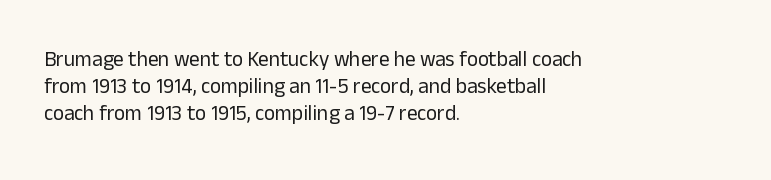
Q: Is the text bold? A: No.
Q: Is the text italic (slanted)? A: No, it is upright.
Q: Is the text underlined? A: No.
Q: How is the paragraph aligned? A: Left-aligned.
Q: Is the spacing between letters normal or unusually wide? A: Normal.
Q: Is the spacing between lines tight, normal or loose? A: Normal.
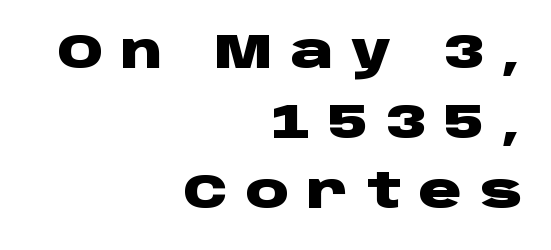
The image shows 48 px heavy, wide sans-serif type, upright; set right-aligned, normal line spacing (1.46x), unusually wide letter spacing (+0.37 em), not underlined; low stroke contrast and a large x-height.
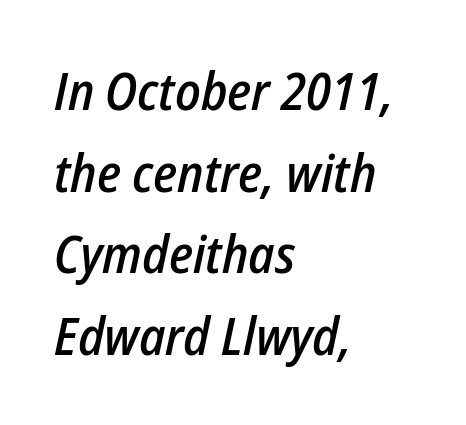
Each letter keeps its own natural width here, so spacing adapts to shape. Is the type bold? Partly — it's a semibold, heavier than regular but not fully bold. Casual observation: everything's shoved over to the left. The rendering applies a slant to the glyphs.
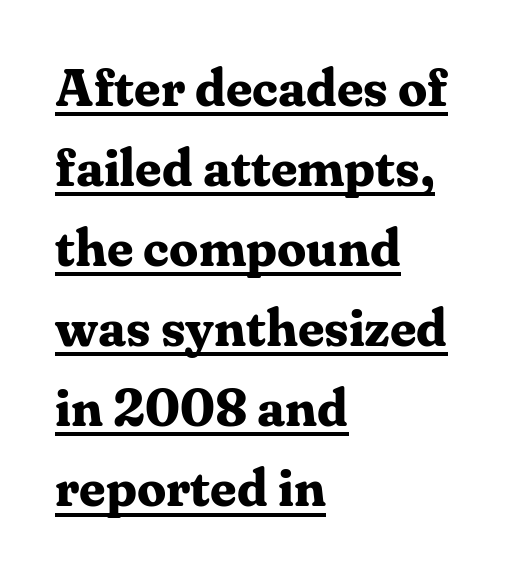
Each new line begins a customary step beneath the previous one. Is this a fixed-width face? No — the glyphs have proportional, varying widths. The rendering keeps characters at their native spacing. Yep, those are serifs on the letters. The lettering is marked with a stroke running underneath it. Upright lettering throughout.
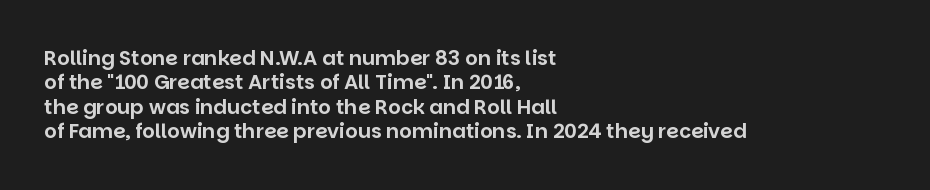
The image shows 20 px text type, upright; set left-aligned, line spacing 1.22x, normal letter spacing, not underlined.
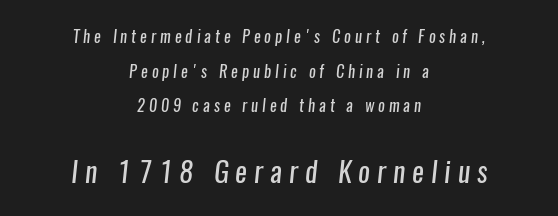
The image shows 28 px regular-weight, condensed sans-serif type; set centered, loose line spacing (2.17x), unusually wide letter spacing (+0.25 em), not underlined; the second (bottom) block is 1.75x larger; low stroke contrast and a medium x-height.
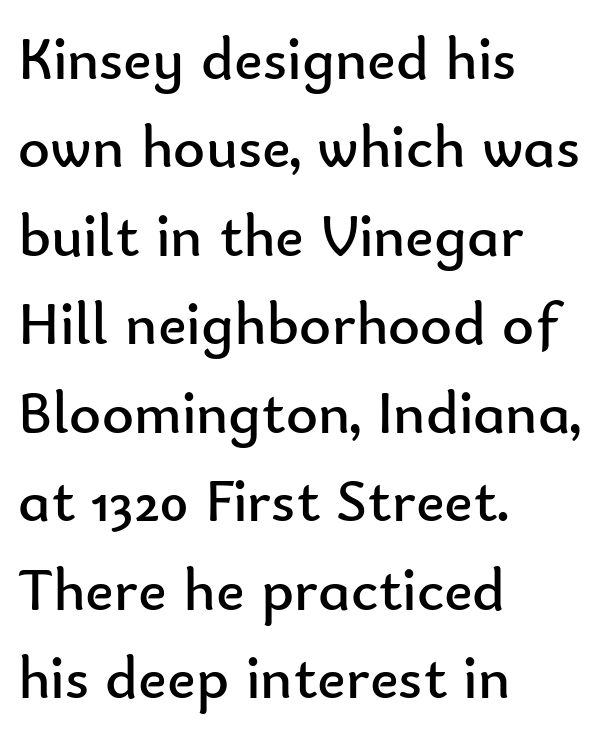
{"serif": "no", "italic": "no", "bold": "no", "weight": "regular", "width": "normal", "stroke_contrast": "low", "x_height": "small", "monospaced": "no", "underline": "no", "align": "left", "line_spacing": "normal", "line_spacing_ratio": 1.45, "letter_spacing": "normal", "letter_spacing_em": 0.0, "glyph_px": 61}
* * *
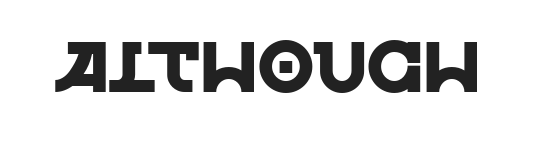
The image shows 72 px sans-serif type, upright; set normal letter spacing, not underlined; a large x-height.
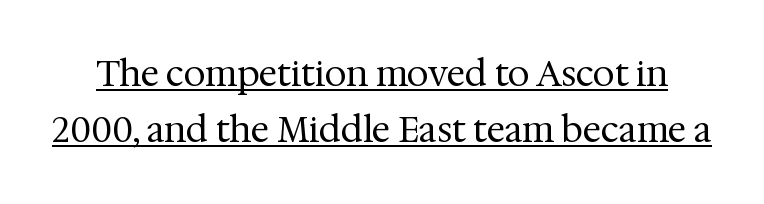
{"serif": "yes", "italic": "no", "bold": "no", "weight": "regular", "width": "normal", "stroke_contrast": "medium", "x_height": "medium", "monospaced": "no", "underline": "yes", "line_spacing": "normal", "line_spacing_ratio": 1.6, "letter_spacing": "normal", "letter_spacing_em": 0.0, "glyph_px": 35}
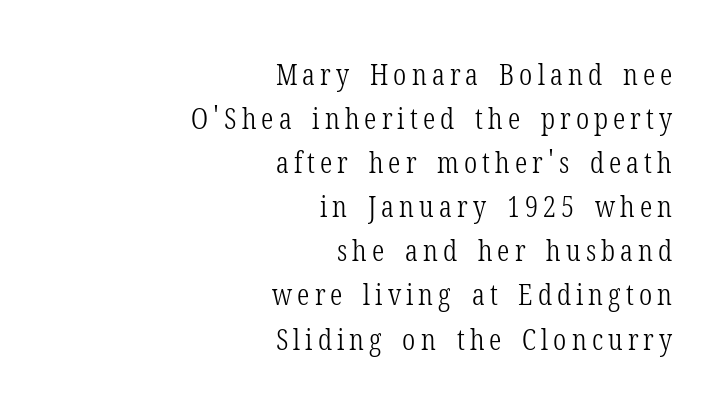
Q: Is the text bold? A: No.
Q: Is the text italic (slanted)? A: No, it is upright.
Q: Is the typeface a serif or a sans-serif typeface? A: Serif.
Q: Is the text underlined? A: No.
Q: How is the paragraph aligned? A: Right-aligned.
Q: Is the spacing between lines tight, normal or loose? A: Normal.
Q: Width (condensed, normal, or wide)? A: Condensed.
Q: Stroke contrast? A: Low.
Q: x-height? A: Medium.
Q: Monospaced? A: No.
--
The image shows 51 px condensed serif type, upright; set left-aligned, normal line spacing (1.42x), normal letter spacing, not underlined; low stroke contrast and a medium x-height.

> _YOUR TASK_:
Scan the material above for the word "bold", and copy every line in which it is found.

> _REPLY TO THE EXERCISE_:
Q: Is the text bold? A: No.
Each letter keeps its own natural width here, so spacing adapts to shape. Is the type bold? Partly — it's a semibold, heavier than regular but not fully bold. Casual observation: everything's shoved over to the left. The rendering applies a slant to the glyphs.
{"serif": "no", "italic": "no", "bold": "no", "weight": "regular", "width": "normal", "stroke_contrast": "low", "x_height": "small", "monospaced": "no", "underline": "no", "align": "left", "line_spacing": "normal", "line_spacing_ratio": 1.45, "letter_spacing": "normal", "letter_spacing_em": 0.0, "glyph_px": 61}
{"serif": "yes", "italic": "no", "bold": "no", "weight": "regular", "width": "normal", "stroke_contrast": "medium", "x_height": "medium", "monospaced": "no", "underline": "yes", "line_spacing": "normal", "line_spacing_ratio": 1.6, "letter_spacing": "normal", "letter_spacing_em": 0.0, "glyph_px": 35}
Q: Is the text bold? A: No.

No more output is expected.